In contradistinction to some law textbooks that regard the covenant simply as an older form of contract,[2] in the Bible the covenant points to a solemn agreement between both parties before God. The Jewish scholar, Daniel Elazar, describes covenant as such: “The concept of covenant, in its heart of hearts, refers to a situation where a moral force, traditionally God, is a party, usually a direct party to, or guarantor, of a particular relationship.”[3]
When marriage is understood as a covenant in the biblical sense, it will acquire several important features that mirror God’s covenantal relationship with Israel.
In his article, John Witte Jr. discusses six features. I will highlight the three most crucial ones.
Firstly, the covenantal model requires that marriage be monogamous, a union between one man and one woman. In this way, human marriage reflects God’s special relationship with his people because both cases involve two parties and two parties only.

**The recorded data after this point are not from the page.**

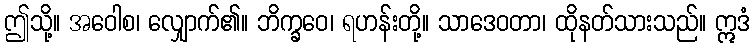
ဤသို့။ အဝေါစ၊ လျှောက်၏။ ဘိက္ခဝေ၊ ရဟန်းတို့။ သာဒေဝတာ၊ ထိုနတ်သားသည်။ ဣဒံ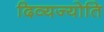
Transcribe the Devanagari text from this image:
दिव्यज्योति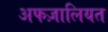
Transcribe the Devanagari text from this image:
अफज़ालियत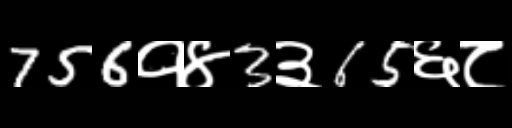
Text: 756१४3३65६८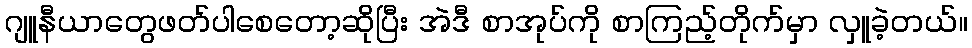
ဂျူနီယာတွေဖတ်ပါစေတော့ဆိုပြီး အဲဒီ စာအုပ်ကို စာကြည့်တိုက်မှာ လှူခဲ့တယ်။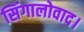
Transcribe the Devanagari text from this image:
सिंगालोवाद।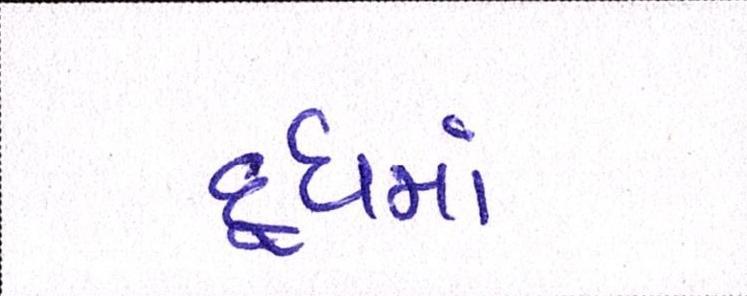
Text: દૂધમાં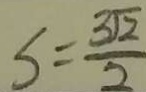
s = \frac { 3 \sqrt { 2 } } { 2 }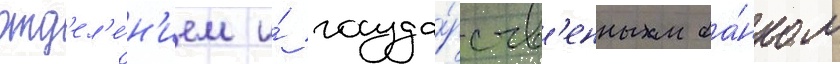
отд'ел'е́н'ием и́ госуда́рств'енным ба́нком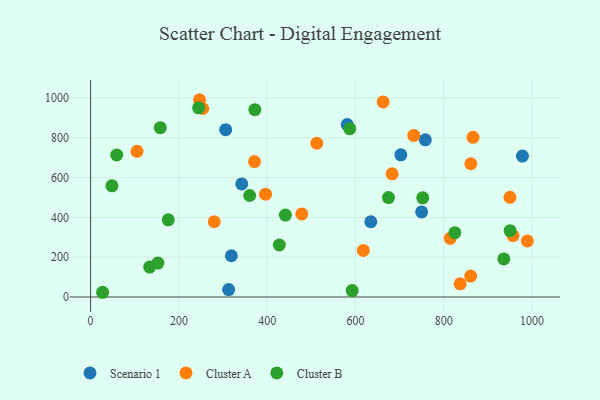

Secondly, the covenantal model insists that God is not just responsible for creating the institution of marriage. He is the witness to and active participant in each marriage (Malachi 2:13-16). Thus, Witte rightly stresses that “[t]o enter into a marriage, the Prophets teach, is to enter into a new relationship not only with one’s spouse but also with God”.[4]
Hence, thirdly, the marital covenant between the husband and wife must be understood as part of the larger covenant relationship between God and his people. The husband must emulate God’s example in offering “covenant love” to his wife, while the wife must be faithful to her husband.
The apostle Paul puts across the same idea when he speaks of the relationship between husband and wife, although in a slightly different theological register:
“Wives, submit to your own husbands, as to the Lord … Husbands, love your wives, as Christ loved the church and gave himself up for her” (Ephesians 5:22, 25).
It would of course be too naïve to suggest that adopting the covenantal model of marriage will instantaneously resolve all marital woes.
However, it will restore marriage to that which the contractual model has carelessly left behind. It will underscore the fact that marriage “is not by any to be entered into unadvisedly or lightly; but reverently, discreetly, advisedly, soberly, and in the fear of God”.[5]
[1] John Witte Jr., ‘The Covenant of Marriage: Its Biblical Roots, Historical Influence and Modern Uses’, INTAMS Review on Marriage and Spirituality 18 (2012), 153.
[2] See, for example, Black’s Law Dictionary (6th ed. 1990), which states that a covenant ‘[i]n its broadest usage, means any agreement or contract’, 322.
[3] Daniel Elazar, The Covenant Idea and Politics 3 (Workshop on Covenant and Politics Series, 1981), 3-4.
[4] Ibid., 158.
[5] 1789 U. S Book of Common Prayer, http://justus.anglican.org/resources/bcp/1789/Marriage_1789.htm.
Dr Roland Chia is Chew Hock Hin Professor at Trinity Theological College (Singapore) and Theological and Research Advisor of the Ethos Institute for Public Christianity.